● **Problem details**
Each line from the one with "Q: Stroke contrast? A: Medium." through the last line below must be written out exactly. Do not copy pictures.
================================
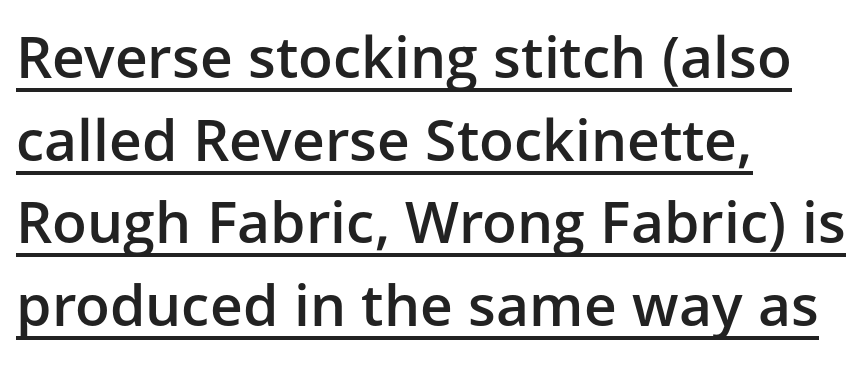
Q: Is the text bold? A: Semi-bold.
Q: Is the text italic (slanted)? A: No, it is upright.
Q: Is the typeface a serif or a sans-serif typeface? A: Sans-serif.
Q: Is the text underlined? A: Yes.
Q: How is the paragraph aligned? A: Left-aligned.
Q: Is the spacing between letters normal or unusually wide? A: Normal.
Q: Is the spacing between lines tight, normal or loose? A: Normal.
Q: Width (condensed, normal, or wide)? A: Normal.
Q: Stroke contrast? A: Low.
Q: x-height? A: Medium.
Q: Monospaced? A: No.
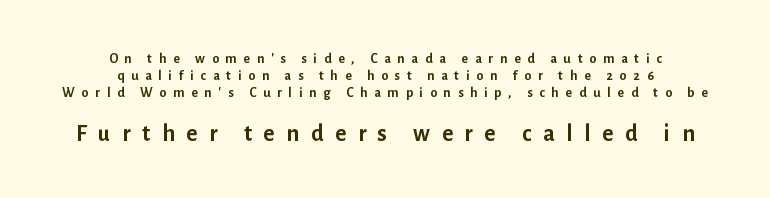
Q: Is the text bold? A: Yes.
Q: Is the text italic (slanted)? A: No, it is upright.
Q: Is the text underlined? A: No.
Q: How is the paragraph aligned? A: Centered.
Q: Is the spacing between letters normal or unusually wide? A: Unusually wide.
Q: Which block of text is set in a larger size, the first (top) or the second (bottom)? A: The second (bottom) one.
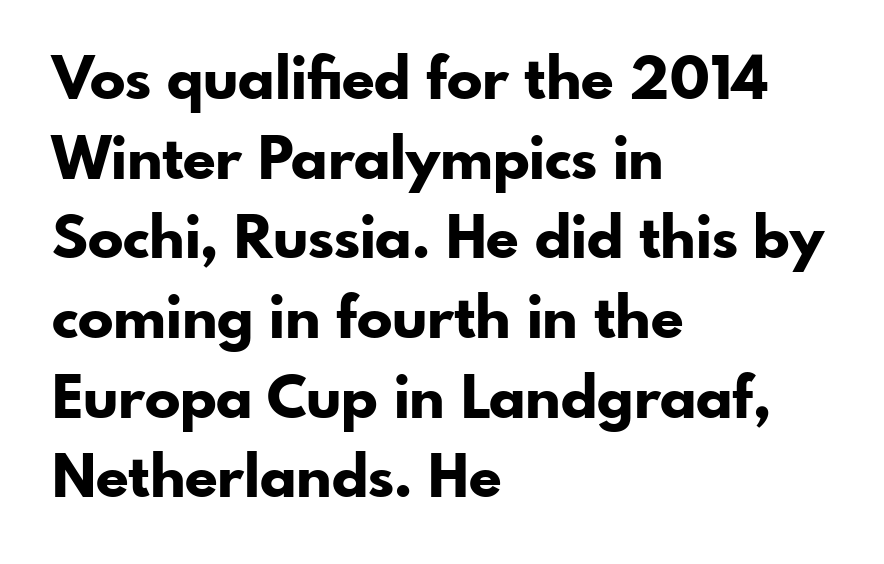
Q: Is the text bold? A: Yes.
Q: Is the text italic (slanted)? A: No, it is upright.
Q: Is the typeface a serif or a sans-serif typeface? A: Sans-serif.
Q: Is the text underlined? A: No.
Q: How is the paragraph aligned? A: Left-aligned.
Q: Is the spacing between letters normal or unusually wide? A: Normal.
Q: Is the spacing between lines tight, normal or loose? A: Normal.
Q: Width (condensed, normal, or wide)? A: Normal.
Q: Stroke contrast? A: Low.
Q: x-height? A: Small.
Q: Monospaced? A: No.
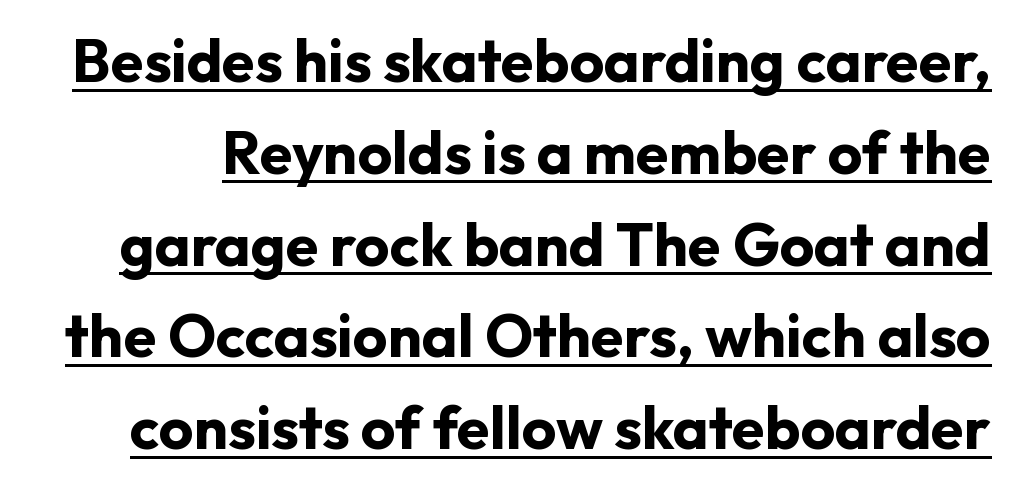
The image shows 60 px bold sans-serif type, upright; set normal line spacing (1.53x), normal letter spacing, underlined; low stroke contrast and a medium x-height.
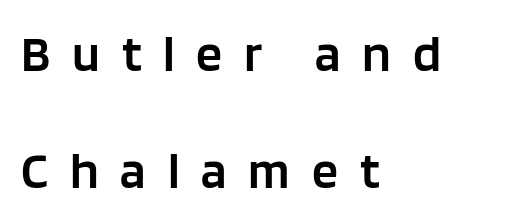
The image shows 52 px semibold sans-serif type, upright; set left-aligned, loose line spacing (2.25x), unusually wide letter spacing (+0.42 em), not underlined; low stroke contrast and a large x-height.
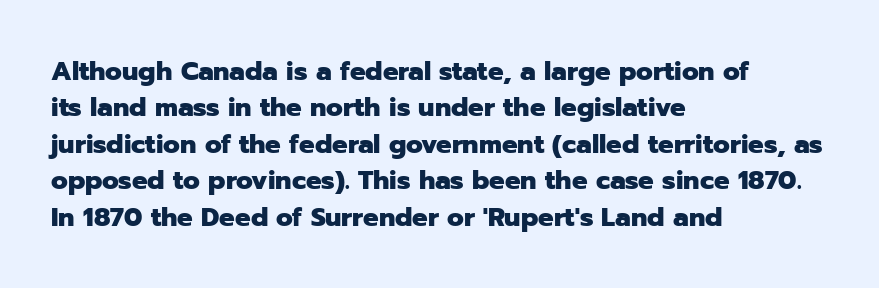
Q: Is the text bold? A: Yes.
Q: Is the text italic (slanted)? A: No, it is upright.
Q: Is the text underlined? A: No.
Q: How is the paragraph aligned? A: Left-aligned.
Q: Is the spacing between letters normal or unusually wide? A: Normal.
Q: Is the spacing between lines tight, normal or loose? A: Normal.
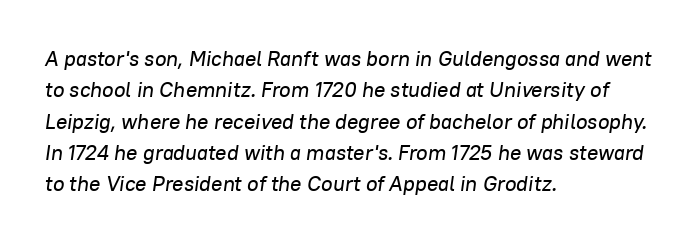
The image shows 21 px text type, italic (leaning right); set left-aligned, normal line spacing (1.49x), normal letter spacing, not underlined.
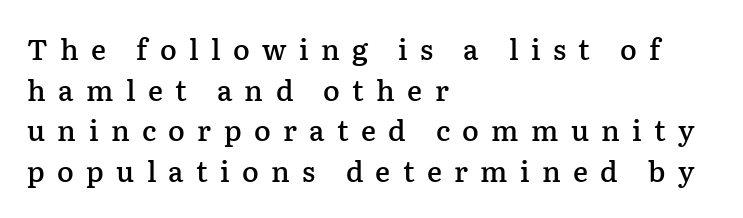
The image shows 28 px semibold serif type, upright; set left-aligned, normal line spacing (1.45x), unusually wide letter spacing (+0.44 em), not underlined; low stroke contrast and a medium x-height.
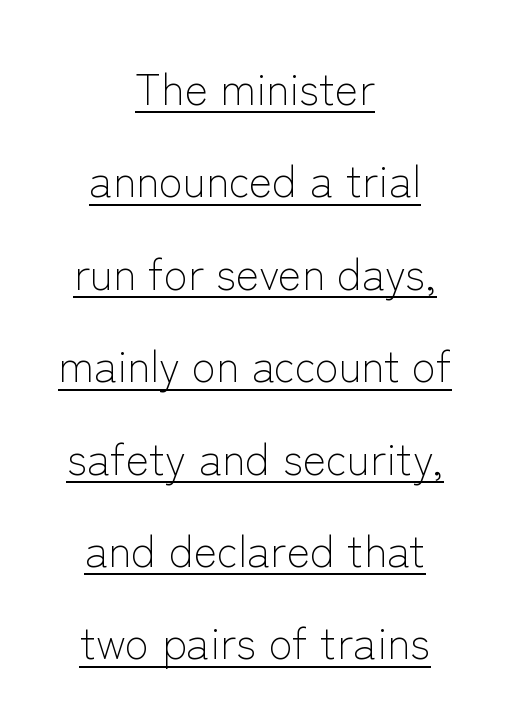
Q: Is the text bold? A: No.
Q: Is the text italic (slanted)? A: No, it is upright.
Q: Is the typeface a serif or a sans-serif typeface? A: Sans-serif.
Q: Is the text underlined? A: Yes.
Q: How is the paragraph aligned? A: Centered.
Q: Is the spacing between letters normal or unusually wide? A: Normal.
Q: Is the spacing between lines tight, normal or loose? A: Loose.
Q: Width (condensed, normal, or wide)? A: Normal.
Q: Stroke contrast? A: Low.
Q: x-height? A: Medium.
Q: Monospaced? A: No.
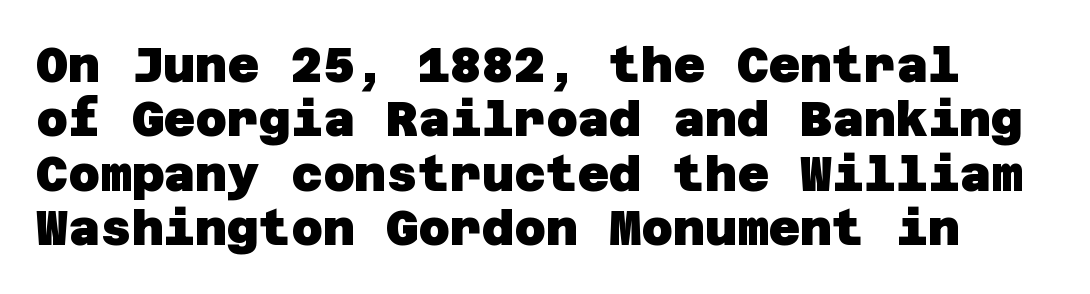
Q: Is the text bold? A: Yes.
Q: Is the typeface a serif or a sans-serif typeface? A: Sans-serif.
Q: Is the text underlined? A: No.
Q: Is the spacing between letters normal or unusually wide? A: Normal.
Q: Is the spacing between lines tight, normal or loose? A: Tight.
Q: Width (condensed, normal, or wide)? A: Normal.
Q: Stroke contrast? A: Low.
Q: x-height? A: Large.
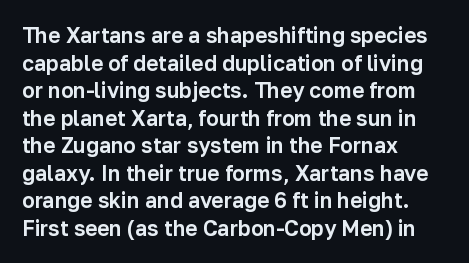
Q: Is the text italic (slanted)? A: No, it is upright.
Q: Is the text underlined? A: No.
Q: How is the paragraph aligned? A: Left-aligned.
Q: Is the spacing between letters normal or unusually wide? A: Normal.
Q: Is the spacing between lines tight, normal or loose? A: Normal.
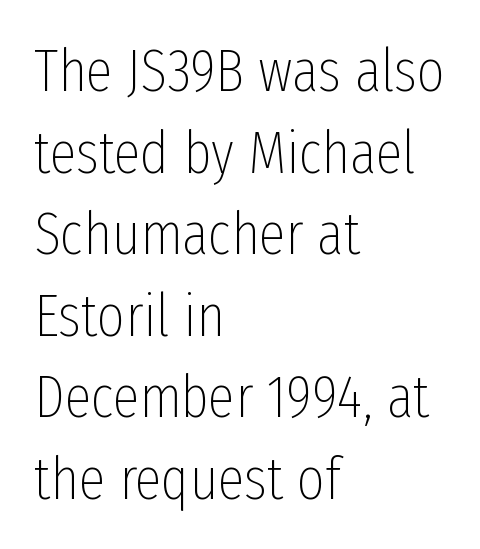
The image shows 60 px thin, condensed sans-serif type, upright; set left-aligned, normal line spacing (1.36x), normal letter spacing, not underlined; low stroke contrast and a medium x-height.
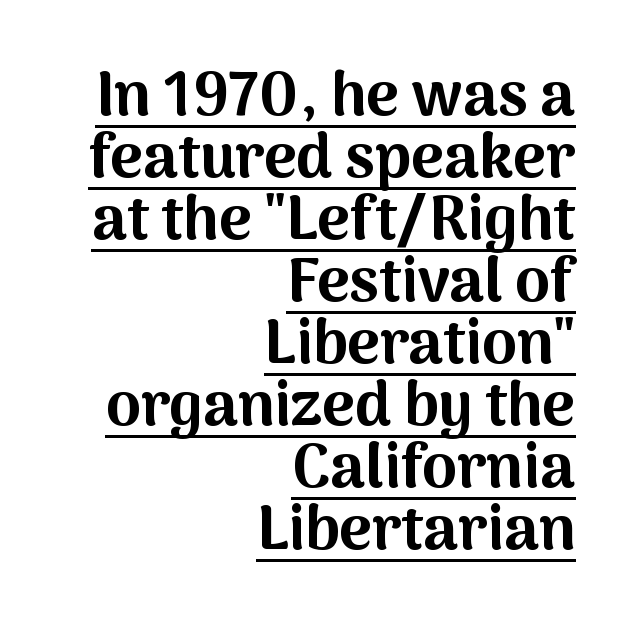
Q: Is the text bold? A: Yes.
Q: Is the text italic (slanted)? A: No, it is upright.
Q: Is the typeface a serif or a sans-serif typeface? A: Sans-serif.
Q: Is the text underlined? A: Yes.
Q: How is the paragraph aligned? A: Right-aligned.
Q: Is the spacing between letters normal or unusually wide? A: Normal.
Q: Is the spacing between lines tight, normal or loose? A: Tight.
Q: Width (condensed, normal, or wide)? A: Normal.
Q: Stroke contrast? A: Medium.
Q: x-height? A: Medium.
Q: Monospaced? A: No.
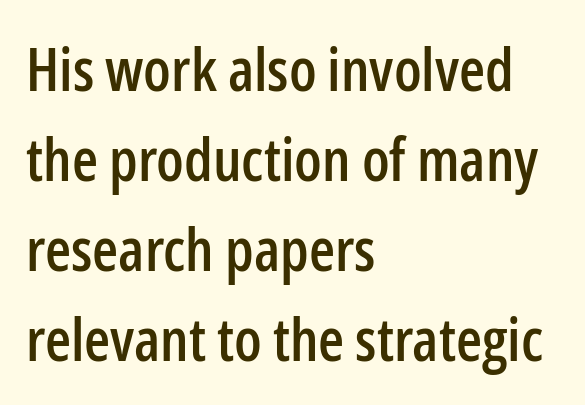
The image shows 60 px condensed sans-serif type, upright; set left-aligned, normal line spacing (1.5x), normal letter spacing, not underlined; low stroke contrast and a medium x-height.
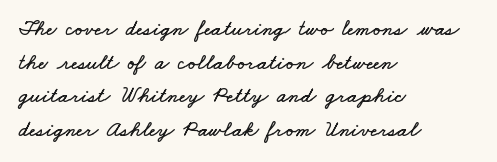
The tracking reads as untouched default to a designer's eye. Rule under the text: the space is simply empty. Leftover space on each line is placed entirely after the last word. The vertical gap from one line to the next is medium.
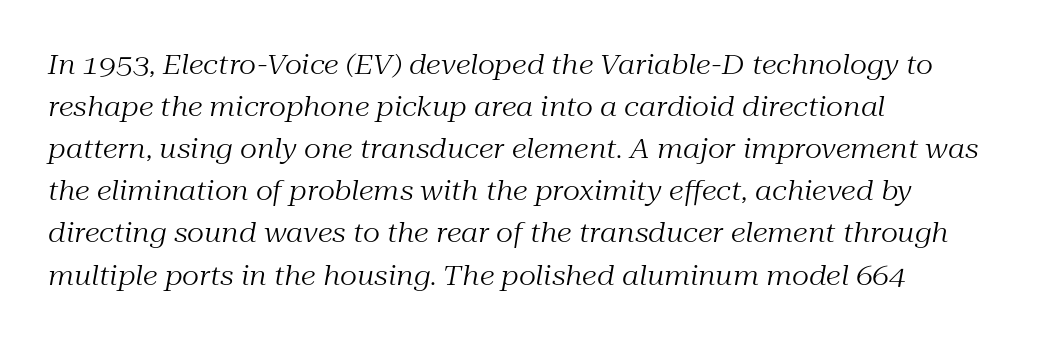
Summary of vertical rhythm: regular, with standard interline spacing. The whole block is typeset with a tilt. The passage shown has conventional tracking throughout. Summary of weight: not heavy and not bold. The compositor pushed each line to the left boundary.
================================
● **Result of the task**
Q: Stroke contrast? A: Medium.
Q: x-height? A: Medium.
Q: Monospaced? A: No.
The image shows 60 px condensed sans-serif type, upright; set left-aligned, normal line spacing (1.5x), normal letter spacing, not underlined; low stroke contrast and a medium x-height.
The tracking reads as untouched default to a designer's eye. Rule under the text: the space is simply empty. Leftover space on each line is placed entirely after the last word. The vertical gap from one line to the next is medium.
Summary of vertical rhythm: regular, with standard interline spacing. The whole block is typeset with a tilt. The passage shown has conventional tracking throughout. Summary of weight: not heavy and not bold. The compositor pushed each line to the left boundary.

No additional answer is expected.